In this case, the reduction rate controlled by processes occurring within the bulk solution rather than at the metal surface.

Types of Corrosion:

• Galvanic Corrosion
• Concentration cell corrosion
• Pitting corrosion
• Crevice corrosion
• Fretting corrosion
• Intergranular corrosion (IGC)
• Stress Corrosion Cracking (SCC)

Galvanic Corrosion

Galvanic corrosion occurs when a metal or an alloy electrically coupled to another metal, alloy, or conductive non-metal in a common, conductive medium. A potential difference usually exists between two dissimilar metals, which cause a flow of electrons between them. This flow of electrons causes corrosion called galvanic corrosion.

The corrosion rate of the less corrosion-resistant (active) anodic metal increased, while the more corrosion-resistant (noble) cathodic metal or alloy decreased.

Concentration cell Corrosion

Concentration cell corrosion is a form of galvanic corrosion. This type of corrosion will occur when two or more areas of a metal surface are in contact with different concentrations of the same solution. They are three general types of concentration cell corrosion:

1. Metal ion concentration cells
2. Oxygen concentration cells, and
3. Active-passive cells.

The lower the metal ion concentration the greater will be the solution potential of the metal and its tendency to dissolve or corrode.

Pitting corrosion

The Pitting corrosion is localized corrosion, the corrosion causes the formation of holes in the surface of the material. Pitting can have various shapes and can act as a stress concentration point. Pits are also placed for corrodents to settle and become more concentrated, thus producing a cumulative damage effect to the material.

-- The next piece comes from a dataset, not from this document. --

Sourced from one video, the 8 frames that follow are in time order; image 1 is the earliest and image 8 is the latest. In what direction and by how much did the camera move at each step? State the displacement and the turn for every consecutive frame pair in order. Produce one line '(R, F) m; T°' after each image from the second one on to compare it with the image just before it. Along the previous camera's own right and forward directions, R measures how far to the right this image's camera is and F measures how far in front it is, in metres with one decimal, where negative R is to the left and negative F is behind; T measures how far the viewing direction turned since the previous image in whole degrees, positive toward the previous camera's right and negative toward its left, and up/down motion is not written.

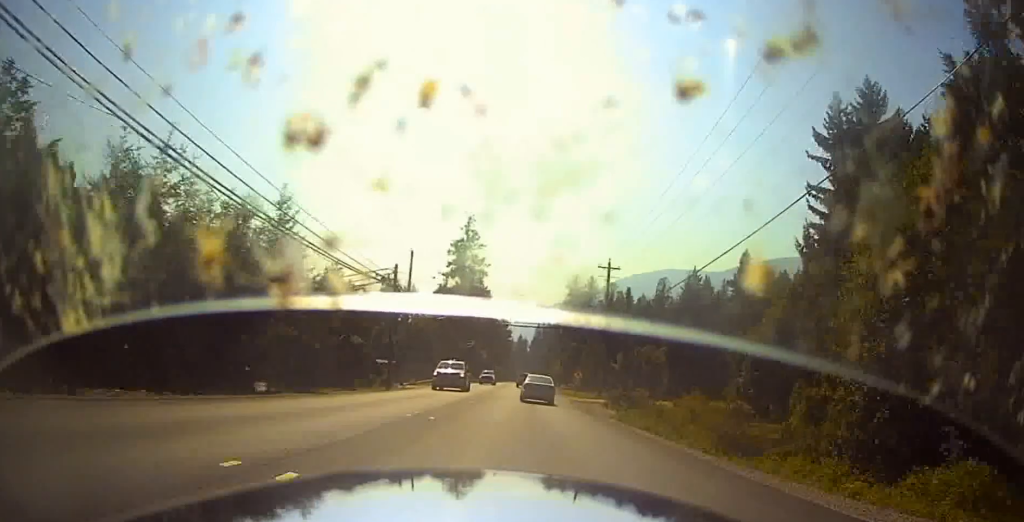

The corrosion damage due to pitting is more difficult to detect and predict when compare to other types of corrosion.

Crevice Corrosion

Crevice corrosion is similar to pitting corrosion. Any crevice acts as a concentration cell in which corrodents can settle and become more concentrated and thereby more quickly attack adjoining material. Crevice corrosion has been attributed to one or more of the following

• Increase in acidity
• Build up of a damaging ion
• Lack of oxygen
• Depletion of an inhibitor

Crevice corrosion normally occurs on bolts, gasket area and other points of metal contact.

Fretting Corrosion

Fretting corrosion occurs in an area where metals may slide over each other with the presence of an electrolyte.  This type of corrosion mainly occurs in the heat exchangers. Where the tubes are in contact with intermediate supports (baffles) in the heat exchanger. The metal to metal rubbing causes mechanical damage that removes protective oxide coatings. The corrodents in the fluid attack the freshly exposed metal surface. The vibration of long tubes in the heat exchanger may expose to fretting corrosion. Reduction of vibration is thus one way of minimizing this type of corrosion.

Intergranular Corrosion

It’s a localized form of corrosion. In that, the corrosion will occur on the grain boundaries instead of inside the materials. The intergranular corrosion mainly occurs in the stainless steel materials due to the depletion of chromium in the grain boundaries. In severe cases of intergranular corrosion, the grain boundaries will appear rough to the naked eye, with particles of loose grain evident. The intergranular corrosion mainly occurs on the Heat Affected Zone of the weld metal area. Good heat treatment practices reduce intergranular corrosion and another approach is to use a modified alloy that has tighter grain boundaries.

Stress Corrosion Cracking (SCC)

Stress corrosion cracking is a progressive type of failure that causes cracks at stress levels well below a materials yield point. It is caused by a combination of material properties now recognized as affecting mostly high strength alloys, it occurs in part under high tensile strength and the grain structure of the material. Hence the term corrosion cracking can be improved by loading or they may be residual stresses created in the material during forming or welding. Stress corrosion cracking increases with the temperature of the corroding medium.

Erosion corrosion

Erosion corrosion is the acceleration or increase in the rate of deterioration or attack on the metal surface because of relative movement between a corrosive fluid and the metal surface. Generally, this movement is quite rapid and mechanical wear effects or abrasions are involved.